She glanced in, saw the sedan was packed with kids. She didn't care to count the number. They were all screaming or crying at a decibel that put the panic button in the shade.

«Oh, bloody, buggering hell.» It was one of Roarke's favorites, and seemed most appropriate. «I didn't kill anybody. She fainted. I'm the police. Look.» She held her badge to the window.

Inside the weeping and wailing continued unabated. On the ground, the cabbie, obviously dazed, struggled to pull herself from un­der her opponent.

«I barely tapped her.» New York was so thick in her voice an air-jack wouldn't have dented it. Eve felt immediate kinship. «And you saw, you saw, she started beating on my ride. And she shoved me first. You saw.»

«Yeah, yeah, yeah.»

«She clocked you good.
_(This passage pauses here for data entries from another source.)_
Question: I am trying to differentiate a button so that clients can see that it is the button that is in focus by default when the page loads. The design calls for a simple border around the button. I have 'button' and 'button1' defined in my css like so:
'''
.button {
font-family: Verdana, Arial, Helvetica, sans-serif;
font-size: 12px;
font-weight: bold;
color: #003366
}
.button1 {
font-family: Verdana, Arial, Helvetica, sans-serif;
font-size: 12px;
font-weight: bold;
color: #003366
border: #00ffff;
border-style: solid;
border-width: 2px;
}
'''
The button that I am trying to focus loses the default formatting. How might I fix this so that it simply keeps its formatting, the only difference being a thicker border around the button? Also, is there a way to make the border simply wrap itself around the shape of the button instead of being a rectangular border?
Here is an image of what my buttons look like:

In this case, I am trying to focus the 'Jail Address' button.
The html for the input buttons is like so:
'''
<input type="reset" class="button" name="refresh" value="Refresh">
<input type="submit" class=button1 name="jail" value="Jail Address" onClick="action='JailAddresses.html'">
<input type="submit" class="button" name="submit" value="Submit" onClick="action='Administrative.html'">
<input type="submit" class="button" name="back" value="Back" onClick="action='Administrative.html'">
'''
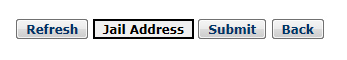
Answer: the border by default is going to be rectangle, though with some browsers (not all) you can use the "border-radius: 5px" to get rounded corners
<URL>
you could also just make images with the buttons you want and use them instead (png is preferred since it will keep transparency)
'''
.button1 {
background-image:url('paper.gif');
background-repeat: no-repeat;
cursor: hand;
}
'''
I use that often instead of just img src=, then you can add an "on mouseclick" with javascript.. just an option. also, the cursor can be changed so it actually looks like they're rolling over a button :)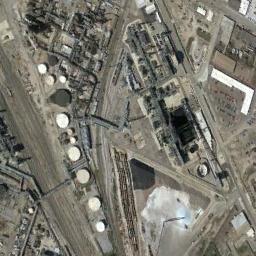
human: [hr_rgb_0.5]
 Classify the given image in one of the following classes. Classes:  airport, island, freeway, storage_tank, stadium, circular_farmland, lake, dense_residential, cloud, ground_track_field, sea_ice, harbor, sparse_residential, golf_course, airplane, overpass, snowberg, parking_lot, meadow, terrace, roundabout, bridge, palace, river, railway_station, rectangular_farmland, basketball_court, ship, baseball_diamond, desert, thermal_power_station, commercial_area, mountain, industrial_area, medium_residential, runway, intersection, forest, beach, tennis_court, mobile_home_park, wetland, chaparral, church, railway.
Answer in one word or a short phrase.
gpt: storage_tank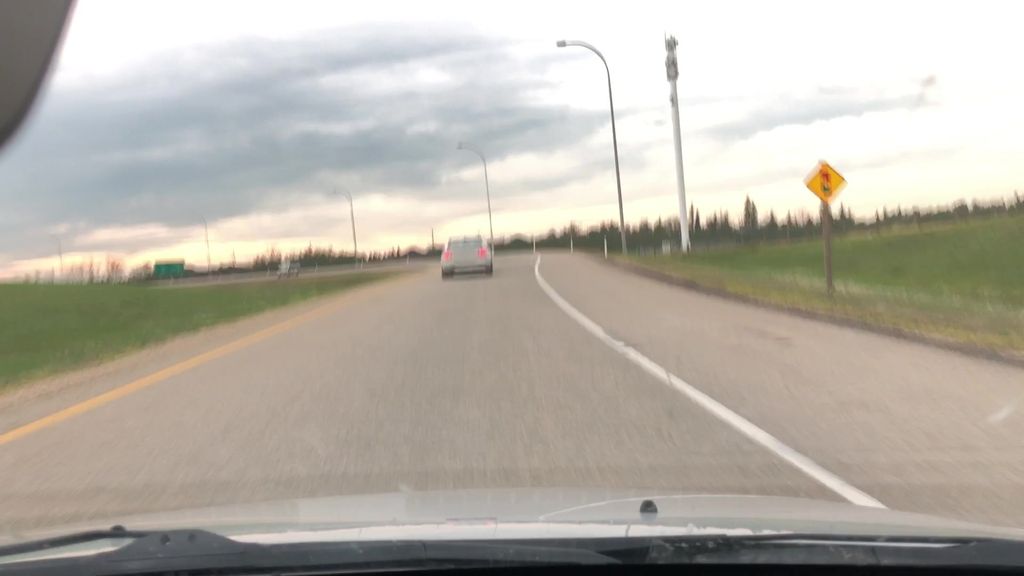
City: edmonton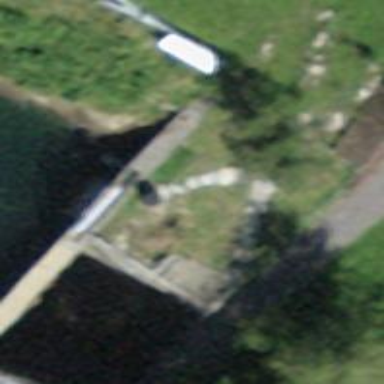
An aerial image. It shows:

You're coming up a bruise there. Damn tourists. Hey, you kids, button it. Your old lady's fine. Slam the lie down, now!»

The screams subsided to wet whimpers.

«Nice job,» Eve commented.

«Got two of my own.» The cabbie rubbed her bruised ass, shrugged «You just gotta know how to handle them.»

They stood a moment, studying the now moaning woman, as the hysteria of horns and voices raged around them. Two uniforms hot­footed it through people, through vehicles. Eve held up her badge.

«Fender bump. Cab against rental. No visible vehicular damage.»

«What's with her?» one of the uniforms asked, nodding toward the woman who attempted to sit up.

«Got herself worked up, took a swing at me, passed out.»

«You want we should take her in for assaulting an officer?»

«Hell, no. Just haul her up, load her in, and get her the hell out of here. She makes any noises about the bump, or pressing charges, then you tell her she pushes it, she's going to spend Thanksgiving in a cage. Assault with a damn purse.»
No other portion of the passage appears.